What the task requires ::
Across the entries below, how many lines contain the string "height"? Only the number is wanted.

★ ★ ★ ★ ★

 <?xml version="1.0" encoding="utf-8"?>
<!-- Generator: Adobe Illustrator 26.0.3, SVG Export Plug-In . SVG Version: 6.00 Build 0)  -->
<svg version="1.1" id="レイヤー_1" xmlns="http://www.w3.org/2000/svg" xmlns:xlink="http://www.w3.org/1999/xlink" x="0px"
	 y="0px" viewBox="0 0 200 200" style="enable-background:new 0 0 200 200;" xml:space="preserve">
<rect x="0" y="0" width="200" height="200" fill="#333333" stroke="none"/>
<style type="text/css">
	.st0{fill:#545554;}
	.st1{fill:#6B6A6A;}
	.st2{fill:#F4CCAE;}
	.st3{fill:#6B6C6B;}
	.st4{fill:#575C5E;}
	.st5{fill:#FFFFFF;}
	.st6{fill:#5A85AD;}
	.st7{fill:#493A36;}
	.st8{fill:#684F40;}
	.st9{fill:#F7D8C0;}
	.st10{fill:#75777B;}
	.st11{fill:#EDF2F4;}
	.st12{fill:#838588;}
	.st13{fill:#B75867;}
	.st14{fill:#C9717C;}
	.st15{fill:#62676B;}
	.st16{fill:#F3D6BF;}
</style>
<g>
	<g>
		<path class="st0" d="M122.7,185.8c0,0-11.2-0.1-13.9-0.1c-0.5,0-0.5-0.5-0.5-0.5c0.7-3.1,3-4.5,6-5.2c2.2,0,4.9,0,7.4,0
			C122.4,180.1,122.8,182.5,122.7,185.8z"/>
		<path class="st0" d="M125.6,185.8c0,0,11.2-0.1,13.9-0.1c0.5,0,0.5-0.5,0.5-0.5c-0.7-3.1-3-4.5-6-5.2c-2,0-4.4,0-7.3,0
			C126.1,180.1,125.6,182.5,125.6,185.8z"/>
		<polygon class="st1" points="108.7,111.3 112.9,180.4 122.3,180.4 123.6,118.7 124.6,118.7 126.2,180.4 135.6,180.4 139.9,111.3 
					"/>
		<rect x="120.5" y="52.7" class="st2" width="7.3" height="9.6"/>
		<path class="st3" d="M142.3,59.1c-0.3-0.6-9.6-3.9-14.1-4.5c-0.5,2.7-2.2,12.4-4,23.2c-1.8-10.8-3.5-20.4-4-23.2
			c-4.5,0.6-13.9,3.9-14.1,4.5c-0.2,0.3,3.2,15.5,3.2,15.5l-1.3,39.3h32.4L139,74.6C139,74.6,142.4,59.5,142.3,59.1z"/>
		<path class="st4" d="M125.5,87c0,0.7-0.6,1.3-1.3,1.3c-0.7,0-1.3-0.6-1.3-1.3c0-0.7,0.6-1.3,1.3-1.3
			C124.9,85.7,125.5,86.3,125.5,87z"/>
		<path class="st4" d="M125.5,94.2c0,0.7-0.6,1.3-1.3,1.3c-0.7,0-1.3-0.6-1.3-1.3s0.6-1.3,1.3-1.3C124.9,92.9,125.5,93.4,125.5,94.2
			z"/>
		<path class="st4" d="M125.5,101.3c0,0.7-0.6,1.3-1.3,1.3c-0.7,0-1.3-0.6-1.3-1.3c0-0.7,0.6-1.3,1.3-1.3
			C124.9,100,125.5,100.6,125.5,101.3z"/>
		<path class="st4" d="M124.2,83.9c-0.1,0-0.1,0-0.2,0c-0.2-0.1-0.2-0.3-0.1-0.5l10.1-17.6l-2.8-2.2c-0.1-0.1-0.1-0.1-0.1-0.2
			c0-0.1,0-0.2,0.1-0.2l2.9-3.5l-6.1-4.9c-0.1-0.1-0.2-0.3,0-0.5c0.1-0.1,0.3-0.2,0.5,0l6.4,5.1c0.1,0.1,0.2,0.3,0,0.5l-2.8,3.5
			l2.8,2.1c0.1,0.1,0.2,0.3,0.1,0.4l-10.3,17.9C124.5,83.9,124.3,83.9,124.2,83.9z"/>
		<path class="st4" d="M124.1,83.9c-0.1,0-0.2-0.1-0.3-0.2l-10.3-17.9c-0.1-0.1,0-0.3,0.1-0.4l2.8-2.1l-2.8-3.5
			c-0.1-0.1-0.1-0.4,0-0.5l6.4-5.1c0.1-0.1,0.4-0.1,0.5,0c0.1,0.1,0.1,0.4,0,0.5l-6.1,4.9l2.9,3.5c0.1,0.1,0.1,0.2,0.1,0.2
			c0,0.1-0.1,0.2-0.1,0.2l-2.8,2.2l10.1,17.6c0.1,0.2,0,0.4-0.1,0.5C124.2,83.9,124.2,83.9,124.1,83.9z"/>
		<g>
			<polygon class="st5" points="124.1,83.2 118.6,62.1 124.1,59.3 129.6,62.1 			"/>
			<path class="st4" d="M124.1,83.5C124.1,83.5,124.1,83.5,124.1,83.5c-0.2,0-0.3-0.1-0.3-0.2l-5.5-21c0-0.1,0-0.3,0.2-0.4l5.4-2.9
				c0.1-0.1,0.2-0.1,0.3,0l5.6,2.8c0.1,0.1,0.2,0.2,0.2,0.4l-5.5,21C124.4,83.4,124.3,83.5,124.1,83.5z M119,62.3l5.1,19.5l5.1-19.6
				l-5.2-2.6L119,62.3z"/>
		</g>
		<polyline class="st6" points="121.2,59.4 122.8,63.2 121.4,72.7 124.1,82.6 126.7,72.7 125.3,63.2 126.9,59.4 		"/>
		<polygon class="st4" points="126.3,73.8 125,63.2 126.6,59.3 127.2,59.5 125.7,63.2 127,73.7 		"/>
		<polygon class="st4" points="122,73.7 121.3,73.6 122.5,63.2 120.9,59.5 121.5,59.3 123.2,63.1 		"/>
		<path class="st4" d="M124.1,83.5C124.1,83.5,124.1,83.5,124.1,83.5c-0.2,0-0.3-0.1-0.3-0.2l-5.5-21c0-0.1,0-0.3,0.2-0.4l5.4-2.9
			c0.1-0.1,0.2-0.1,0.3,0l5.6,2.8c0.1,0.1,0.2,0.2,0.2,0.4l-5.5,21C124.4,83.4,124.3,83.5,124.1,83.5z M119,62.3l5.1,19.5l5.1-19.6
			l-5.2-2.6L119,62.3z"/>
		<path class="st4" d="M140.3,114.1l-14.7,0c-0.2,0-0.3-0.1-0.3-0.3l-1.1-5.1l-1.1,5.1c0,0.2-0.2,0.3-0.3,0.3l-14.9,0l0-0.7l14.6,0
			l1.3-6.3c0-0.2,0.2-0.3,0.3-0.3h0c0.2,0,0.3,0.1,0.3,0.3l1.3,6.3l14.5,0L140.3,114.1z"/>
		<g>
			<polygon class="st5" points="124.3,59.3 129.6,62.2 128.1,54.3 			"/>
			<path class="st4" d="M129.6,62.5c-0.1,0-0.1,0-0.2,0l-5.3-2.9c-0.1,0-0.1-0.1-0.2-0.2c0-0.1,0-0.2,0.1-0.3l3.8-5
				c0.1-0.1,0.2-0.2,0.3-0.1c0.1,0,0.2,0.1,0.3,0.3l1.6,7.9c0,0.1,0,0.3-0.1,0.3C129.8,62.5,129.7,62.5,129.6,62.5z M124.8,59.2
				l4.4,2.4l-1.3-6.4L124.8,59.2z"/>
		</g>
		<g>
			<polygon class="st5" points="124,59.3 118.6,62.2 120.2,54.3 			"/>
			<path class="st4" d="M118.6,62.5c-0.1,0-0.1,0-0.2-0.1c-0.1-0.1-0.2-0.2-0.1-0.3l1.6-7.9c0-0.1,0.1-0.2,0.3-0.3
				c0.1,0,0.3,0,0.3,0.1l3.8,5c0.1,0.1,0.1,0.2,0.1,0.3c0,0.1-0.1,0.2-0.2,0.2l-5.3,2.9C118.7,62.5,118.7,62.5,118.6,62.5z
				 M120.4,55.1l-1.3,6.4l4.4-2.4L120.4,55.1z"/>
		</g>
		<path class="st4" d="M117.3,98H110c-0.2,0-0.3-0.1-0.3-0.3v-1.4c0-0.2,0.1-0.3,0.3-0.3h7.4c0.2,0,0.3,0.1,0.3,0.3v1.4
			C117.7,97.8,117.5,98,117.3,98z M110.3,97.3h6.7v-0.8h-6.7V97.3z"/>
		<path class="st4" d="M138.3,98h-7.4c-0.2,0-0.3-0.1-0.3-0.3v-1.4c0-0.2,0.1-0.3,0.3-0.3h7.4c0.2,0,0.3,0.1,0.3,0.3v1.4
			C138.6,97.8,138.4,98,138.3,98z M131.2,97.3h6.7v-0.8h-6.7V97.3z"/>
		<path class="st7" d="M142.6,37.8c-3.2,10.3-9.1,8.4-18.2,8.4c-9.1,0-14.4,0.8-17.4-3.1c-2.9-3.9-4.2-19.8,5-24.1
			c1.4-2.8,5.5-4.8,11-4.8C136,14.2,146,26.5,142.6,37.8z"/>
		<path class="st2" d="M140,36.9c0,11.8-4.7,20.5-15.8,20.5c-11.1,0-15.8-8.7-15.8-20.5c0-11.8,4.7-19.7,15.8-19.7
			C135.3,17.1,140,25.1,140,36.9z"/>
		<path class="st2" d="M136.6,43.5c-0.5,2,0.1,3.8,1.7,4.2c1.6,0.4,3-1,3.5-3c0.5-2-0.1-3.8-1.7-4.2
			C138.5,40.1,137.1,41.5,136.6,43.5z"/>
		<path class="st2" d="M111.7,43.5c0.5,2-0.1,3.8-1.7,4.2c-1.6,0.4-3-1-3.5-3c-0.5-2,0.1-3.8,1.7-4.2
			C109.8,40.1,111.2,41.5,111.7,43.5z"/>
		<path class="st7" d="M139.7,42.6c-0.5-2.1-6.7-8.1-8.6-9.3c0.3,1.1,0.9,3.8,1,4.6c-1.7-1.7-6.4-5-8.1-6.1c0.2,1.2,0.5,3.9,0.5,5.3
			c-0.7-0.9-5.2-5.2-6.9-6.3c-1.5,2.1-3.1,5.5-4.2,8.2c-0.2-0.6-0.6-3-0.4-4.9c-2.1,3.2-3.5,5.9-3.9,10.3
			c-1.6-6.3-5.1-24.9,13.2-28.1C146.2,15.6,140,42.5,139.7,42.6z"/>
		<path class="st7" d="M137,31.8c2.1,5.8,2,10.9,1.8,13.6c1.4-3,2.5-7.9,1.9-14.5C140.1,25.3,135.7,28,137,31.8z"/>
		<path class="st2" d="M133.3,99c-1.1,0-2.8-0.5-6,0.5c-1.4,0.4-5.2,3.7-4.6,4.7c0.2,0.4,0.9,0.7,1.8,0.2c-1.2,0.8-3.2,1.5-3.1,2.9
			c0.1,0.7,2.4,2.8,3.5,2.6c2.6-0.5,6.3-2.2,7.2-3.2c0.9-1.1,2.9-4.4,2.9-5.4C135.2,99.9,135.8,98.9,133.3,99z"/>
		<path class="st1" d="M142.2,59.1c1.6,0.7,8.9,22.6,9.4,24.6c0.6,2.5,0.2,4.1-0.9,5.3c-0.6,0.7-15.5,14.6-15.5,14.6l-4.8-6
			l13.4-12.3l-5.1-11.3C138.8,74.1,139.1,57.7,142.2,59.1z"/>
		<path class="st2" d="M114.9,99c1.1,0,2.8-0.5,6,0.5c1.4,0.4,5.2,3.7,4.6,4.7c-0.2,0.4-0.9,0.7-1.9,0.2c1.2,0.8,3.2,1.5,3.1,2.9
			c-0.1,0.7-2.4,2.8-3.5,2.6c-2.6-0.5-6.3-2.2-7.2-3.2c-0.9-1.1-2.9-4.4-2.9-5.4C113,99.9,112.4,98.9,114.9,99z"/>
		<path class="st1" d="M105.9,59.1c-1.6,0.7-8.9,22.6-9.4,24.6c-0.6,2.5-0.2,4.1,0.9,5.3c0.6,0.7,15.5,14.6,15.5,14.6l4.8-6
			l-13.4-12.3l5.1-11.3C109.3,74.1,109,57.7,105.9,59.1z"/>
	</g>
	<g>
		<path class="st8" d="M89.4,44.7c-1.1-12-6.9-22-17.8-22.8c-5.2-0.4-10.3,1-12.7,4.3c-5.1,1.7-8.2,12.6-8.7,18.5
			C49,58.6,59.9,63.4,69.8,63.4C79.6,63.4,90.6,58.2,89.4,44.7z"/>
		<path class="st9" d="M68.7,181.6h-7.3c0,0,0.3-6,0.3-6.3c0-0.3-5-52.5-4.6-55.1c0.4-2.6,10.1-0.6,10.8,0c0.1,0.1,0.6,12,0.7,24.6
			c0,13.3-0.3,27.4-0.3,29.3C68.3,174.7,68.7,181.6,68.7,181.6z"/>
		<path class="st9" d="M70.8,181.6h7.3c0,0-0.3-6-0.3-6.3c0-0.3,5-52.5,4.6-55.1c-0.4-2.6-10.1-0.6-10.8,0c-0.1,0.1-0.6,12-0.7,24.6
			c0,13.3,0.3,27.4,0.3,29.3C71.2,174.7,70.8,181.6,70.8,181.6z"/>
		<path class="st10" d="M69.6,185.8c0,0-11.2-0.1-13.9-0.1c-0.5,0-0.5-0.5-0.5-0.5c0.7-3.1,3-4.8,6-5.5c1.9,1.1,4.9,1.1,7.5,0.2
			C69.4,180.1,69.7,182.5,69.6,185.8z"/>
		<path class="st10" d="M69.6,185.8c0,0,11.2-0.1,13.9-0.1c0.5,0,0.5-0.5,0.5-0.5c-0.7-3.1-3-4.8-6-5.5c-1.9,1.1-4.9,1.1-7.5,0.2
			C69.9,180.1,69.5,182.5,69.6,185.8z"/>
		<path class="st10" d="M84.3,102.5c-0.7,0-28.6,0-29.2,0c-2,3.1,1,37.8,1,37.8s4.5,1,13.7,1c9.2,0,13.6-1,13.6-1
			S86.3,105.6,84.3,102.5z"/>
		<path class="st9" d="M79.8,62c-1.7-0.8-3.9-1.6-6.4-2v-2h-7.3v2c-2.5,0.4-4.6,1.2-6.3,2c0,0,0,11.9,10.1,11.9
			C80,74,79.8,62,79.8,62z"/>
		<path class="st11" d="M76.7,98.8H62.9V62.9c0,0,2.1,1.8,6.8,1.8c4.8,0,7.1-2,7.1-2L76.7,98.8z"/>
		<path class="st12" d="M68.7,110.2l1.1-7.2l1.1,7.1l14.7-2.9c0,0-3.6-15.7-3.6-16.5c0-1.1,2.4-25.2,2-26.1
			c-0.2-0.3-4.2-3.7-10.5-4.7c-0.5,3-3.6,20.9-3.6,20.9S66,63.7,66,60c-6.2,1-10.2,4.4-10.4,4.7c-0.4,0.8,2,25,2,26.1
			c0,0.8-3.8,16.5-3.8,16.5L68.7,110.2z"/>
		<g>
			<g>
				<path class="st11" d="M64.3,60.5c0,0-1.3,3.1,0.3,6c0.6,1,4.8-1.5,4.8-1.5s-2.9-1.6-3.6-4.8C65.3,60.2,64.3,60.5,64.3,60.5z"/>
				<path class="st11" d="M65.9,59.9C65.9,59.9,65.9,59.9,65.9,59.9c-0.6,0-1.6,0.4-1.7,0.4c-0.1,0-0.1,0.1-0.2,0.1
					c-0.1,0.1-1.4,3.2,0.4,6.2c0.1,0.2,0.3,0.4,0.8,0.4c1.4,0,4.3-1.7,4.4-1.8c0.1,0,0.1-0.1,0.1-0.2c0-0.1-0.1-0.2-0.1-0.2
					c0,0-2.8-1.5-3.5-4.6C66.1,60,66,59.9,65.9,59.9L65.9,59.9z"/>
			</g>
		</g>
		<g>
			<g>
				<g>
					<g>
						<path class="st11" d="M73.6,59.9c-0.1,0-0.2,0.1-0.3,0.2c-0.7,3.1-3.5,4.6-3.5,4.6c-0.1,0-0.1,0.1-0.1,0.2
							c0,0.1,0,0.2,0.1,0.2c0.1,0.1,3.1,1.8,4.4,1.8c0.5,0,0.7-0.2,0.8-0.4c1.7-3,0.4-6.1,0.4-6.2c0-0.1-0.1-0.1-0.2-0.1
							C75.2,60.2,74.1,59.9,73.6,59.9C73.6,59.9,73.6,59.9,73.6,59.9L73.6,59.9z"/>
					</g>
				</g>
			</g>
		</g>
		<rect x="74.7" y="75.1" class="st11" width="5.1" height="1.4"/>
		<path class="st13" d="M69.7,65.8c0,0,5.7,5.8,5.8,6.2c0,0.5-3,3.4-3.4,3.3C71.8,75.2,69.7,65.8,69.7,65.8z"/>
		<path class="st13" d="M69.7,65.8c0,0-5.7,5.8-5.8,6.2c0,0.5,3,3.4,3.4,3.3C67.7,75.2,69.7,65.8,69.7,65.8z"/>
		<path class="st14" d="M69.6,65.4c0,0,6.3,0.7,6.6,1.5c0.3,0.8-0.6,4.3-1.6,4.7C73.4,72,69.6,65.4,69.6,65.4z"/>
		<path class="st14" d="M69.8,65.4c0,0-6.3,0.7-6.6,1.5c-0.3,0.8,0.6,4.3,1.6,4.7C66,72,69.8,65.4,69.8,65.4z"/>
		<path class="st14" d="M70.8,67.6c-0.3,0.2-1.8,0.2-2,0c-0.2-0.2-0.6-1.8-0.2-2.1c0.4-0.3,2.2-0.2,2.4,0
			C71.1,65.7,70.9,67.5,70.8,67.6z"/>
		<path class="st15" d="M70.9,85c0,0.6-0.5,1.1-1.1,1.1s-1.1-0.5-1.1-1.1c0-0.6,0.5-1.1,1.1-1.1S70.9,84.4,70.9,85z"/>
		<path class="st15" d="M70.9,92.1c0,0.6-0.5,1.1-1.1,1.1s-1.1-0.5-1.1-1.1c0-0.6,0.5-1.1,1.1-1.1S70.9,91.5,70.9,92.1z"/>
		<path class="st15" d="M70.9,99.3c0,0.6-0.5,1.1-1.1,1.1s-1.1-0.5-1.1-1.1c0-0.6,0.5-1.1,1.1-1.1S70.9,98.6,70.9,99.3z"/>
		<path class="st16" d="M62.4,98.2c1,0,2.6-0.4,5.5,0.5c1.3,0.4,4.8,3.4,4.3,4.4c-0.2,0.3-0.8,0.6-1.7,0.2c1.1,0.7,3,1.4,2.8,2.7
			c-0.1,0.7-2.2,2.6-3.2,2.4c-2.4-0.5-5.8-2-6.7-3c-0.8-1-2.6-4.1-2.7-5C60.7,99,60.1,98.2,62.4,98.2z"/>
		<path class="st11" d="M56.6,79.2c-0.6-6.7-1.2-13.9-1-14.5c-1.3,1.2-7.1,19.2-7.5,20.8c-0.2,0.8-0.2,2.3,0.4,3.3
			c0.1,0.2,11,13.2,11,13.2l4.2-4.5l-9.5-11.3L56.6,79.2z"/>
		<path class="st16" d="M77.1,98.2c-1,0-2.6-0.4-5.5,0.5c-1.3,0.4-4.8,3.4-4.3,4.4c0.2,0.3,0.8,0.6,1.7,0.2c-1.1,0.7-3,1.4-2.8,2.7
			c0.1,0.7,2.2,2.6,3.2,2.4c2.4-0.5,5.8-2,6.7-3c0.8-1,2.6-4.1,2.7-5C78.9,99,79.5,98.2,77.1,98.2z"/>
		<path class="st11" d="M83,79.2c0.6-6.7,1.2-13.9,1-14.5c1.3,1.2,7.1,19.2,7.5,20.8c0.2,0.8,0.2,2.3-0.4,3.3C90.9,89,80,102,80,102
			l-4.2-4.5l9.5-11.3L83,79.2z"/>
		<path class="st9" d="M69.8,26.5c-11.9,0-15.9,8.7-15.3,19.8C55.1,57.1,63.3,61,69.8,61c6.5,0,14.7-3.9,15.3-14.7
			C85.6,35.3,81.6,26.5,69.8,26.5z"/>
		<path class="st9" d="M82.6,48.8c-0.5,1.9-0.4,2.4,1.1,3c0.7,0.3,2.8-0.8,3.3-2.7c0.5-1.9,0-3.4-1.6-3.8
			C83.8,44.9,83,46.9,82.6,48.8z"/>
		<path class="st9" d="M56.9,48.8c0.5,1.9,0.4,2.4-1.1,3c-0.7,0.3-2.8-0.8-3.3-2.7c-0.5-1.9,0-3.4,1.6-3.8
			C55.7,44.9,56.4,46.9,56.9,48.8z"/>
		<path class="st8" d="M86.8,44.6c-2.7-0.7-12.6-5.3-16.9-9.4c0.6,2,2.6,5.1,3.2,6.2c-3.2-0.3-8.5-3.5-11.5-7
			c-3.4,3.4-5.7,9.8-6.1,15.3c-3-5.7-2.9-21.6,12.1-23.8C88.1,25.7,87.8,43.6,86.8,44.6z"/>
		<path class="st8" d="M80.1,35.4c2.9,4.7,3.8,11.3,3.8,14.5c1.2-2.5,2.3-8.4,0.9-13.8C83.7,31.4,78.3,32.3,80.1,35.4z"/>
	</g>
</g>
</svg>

★ ★ ★ ★ ★

The completed task ::
3